THE PROBLEM: Somewhere below, one line contains "herramienta, modificando los" and a later line contains "expériences qu'au bout". Output those two lines and everything between them exactly, and nothing else.
[[ DATA LISTING open ]]
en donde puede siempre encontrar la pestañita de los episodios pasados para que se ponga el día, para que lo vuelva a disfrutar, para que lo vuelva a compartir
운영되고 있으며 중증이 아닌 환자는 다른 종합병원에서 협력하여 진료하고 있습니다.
[[ DATA LISTING closed ]]
[[ DATA LISTING open ]]
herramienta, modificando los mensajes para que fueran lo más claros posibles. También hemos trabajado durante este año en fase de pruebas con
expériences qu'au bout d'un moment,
[[ DATA LISTING closed ]]
SOLUTION TO THIS TASK:
herramienta, modificando los mensajes para que fueran lo más claros posibles. También hemos trabajado durante este año en fase de pruebas con
expériences qu'au bout d'un moment,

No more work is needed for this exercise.